Evolution of inhomogeneous condensates: Self-consistent variational approach

Abstract

We establish a self-consistent variational framework that allows us to study numerically the non-equilibrium evolution of non-perturbative inhomogeneous field configurations including quantum back reaction effects. After discussing the practical merits and disadvantages of different approaches we provide a closed set of local and renormalizable update equations that determine the dynamical evolution of inhomogeneous condensates and can be implemented numerically. These incorporate self-consistently the back reaction of quantum fluctuations and particle production. This program requires the solution of a self-consistent inhomogeneous problem to provide initial Cauchy data for the inhomogeneous condensates and Green's functions. We provide a simple solvable ansatz for such an initial value problem for the sine-Gordon and ${\ensuremath{\varphi}}^{4}$ quantum field theories in one spatial dimension.

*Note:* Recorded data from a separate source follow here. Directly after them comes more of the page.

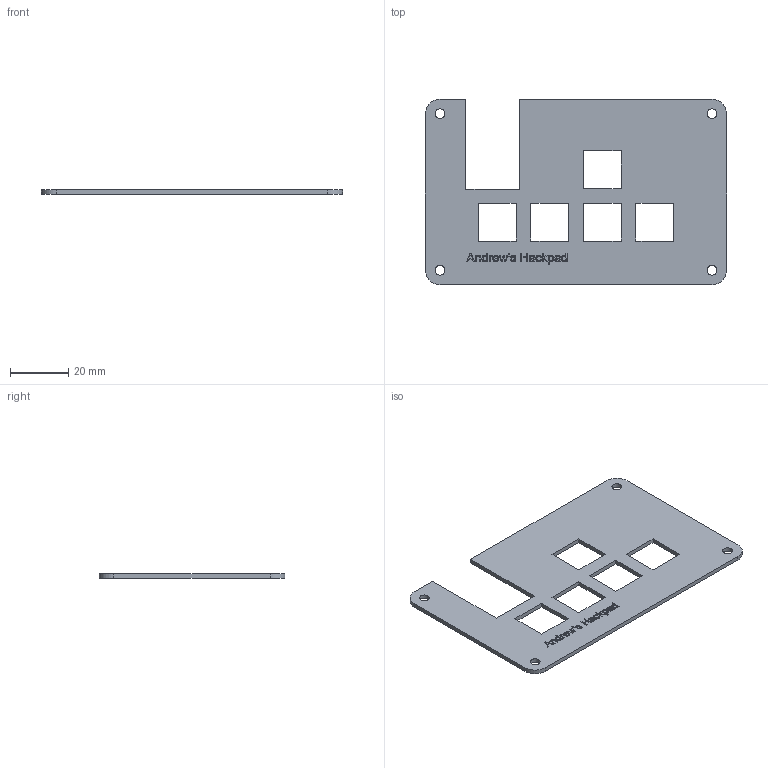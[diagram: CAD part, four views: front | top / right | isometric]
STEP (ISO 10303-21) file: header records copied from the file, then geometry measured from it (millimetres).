
FILE_DESCRIPTION(/* description */ (''),/* implementation_level */ '2;1');
FILE_NAME(/* name */ 'Top.step',/* time_stamp */ '2025-06-20T17:07:05-04:00',/* author */ (''),/* organization */ (''),/* preprocessor_version */ 'ST-DEVELOPER v20.1',/* originating_system */ 'Autodesk Translation Framework v14.10.0.0',/* authorisation */ '');
FILE_SCHEMA (('AUTOMOTIVE_DESIGN { 1 0 10303 214 3 1 1 }'));
Length unit declared in the file: millimetre
Products named in the file (1): 2025-06-18-23-38-26-633
Bounding box: 103.45 x 63.8 x 1.5 mm (x, y, z)
Volume: 7679.4 mm3; surface area: 11321.4 mm2
Topology: 1 solids, 1 shells, 365 faces, 1023 edges, 682 vertices
Faces by surface type: bspline 203, plane 154, cylinder 8
Full cylindrical faces by diameter (mm): 3.4 x4
Entity records: 13612 total; most frequent: CARTESIAN_POINT 5522, ORIENTED_EDGE 2046, EDGE_CURVE 1023, DIRECTION 959, VERTEX_POINT 682, LINE 601, VECTOR 601, B_SPLINE_CURVE_WITH_KNOTS 406
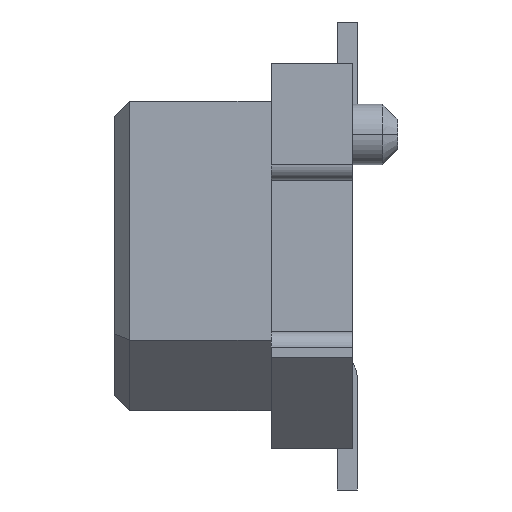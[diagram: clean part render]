
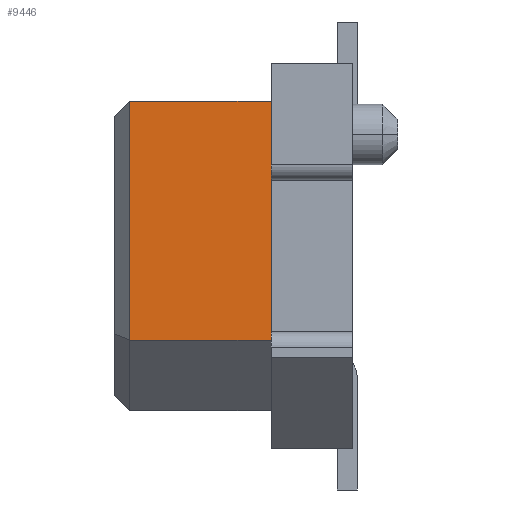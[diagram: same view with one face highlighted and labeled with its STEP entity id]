
A CAD part, left-side view. The second image highlights one B-rep face of the part: STEP entity #9446.
In plain terms, the highlighted planar face has unit normal (-1, 0, 0).
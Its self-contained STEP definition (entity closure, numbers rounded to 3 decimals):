
#681=DIRECTION('',(0.,0.,1.));
#682=VECTOR('',#681,2.36);
#683=CARTESIAN_POINT('',(-3.4,2.2,-0.83));
#684=LINE('',#683,#682);
#685=DIRECTION('',(0.,0.,-1.));
#686=VECTOR('',#685,2.36);
#687=CARTESIAN_POINT('',(-3.4,0.8,1.53));
#688=LINE('',#687,#686);
#689=DIRECTION('',(0.,1.,0.));
#690=VECTOR('',#689,1.4);
#691=CARTESIAN_POINT('',(-3.4,0.8,-0.83));
#692=LINE('',#691,#690);
#705=DIRECTION('',(0.,1.,0.));
#706=VECTOR('',#705,1.4);
#707=CARTESIAN_POINT('',(-3.4,0.8,1.53));
#708=LINE('',#707,#706);
#6888=CARTESIAN_POINT('',(-3.4,0.8,1.53));
#6890=VERTEX_POINT('',#6888);
#6897=CARTESIAN_POINT('',(-3.4,0.8,-0.83));
#6898=VERTEX_POINT('',#6897);
#7203=CARTESIAN_POINT('',(-3.4,2.2,1.53));
#7204=VERTEX_POINT('',#7203);
#7205=CARTESIAN_POINT('',(-3.4,2.2,-0.83));
#7206=VERTEX_POINT('',#7205);
#9434=CARTESIAN_POINT('',(-3.4,1.5,0.35));
#9435=DIRECTION('',(1.,0.,0.));
#9436=DIRECTION('',(0.,0.,-1.));
#9437=AXIS2_PLACEMENT_3D('',#9434,#9435,#9436);
#9438=PLANE('',#9437);
#9439=ORIENTED_EDGE('',*,*,#9317,.T.);
#9441=ORIENTED_EDGE('',*,*,#9440,.F.);
#9442=ORIENTED_EDGE('',*,*,#8376,.T.);
#9443=ORIENTED_EDGE('',*,*,#9426,.T.);
#9444=EDGE_LOOP('',(#9439,#9441,#9442,#9443));
#9445=FACE_OUTER_BOUND('',#9444,.F.);
#9446=ADVANCED_FACE('',(#9445),#9438,.F.);
#8376=EDGE_CURVE('',#6890,#6898,#688,.T.);
#9317=EDGE_CURVE('',#7206,#7204,#684,.T.);
#9426=EDGE_CURVE('',#6898,#7206,#692,.T.);
#9440=EDGE_CURVE('',#6890,#7204,#708,.T.);

We compare exact known results of the sine-Gordon model to this simple ansatz. We also study the linear sigma model in the large $N$ limit in three spatial dimensions as a microscopic model for pion production in ultrarelativistic collisions. We provide a solvable self-consistent ansatz for the initial value problem with cylindrical symmetry. For this case we also obtain a closed set of local and renormalized update equations that can be numerically implemented. A novel phenomenon of spinodal instabilities and pion production arises as a result of a Klein paradox for large amplitude inhomogeneous condensate configurations.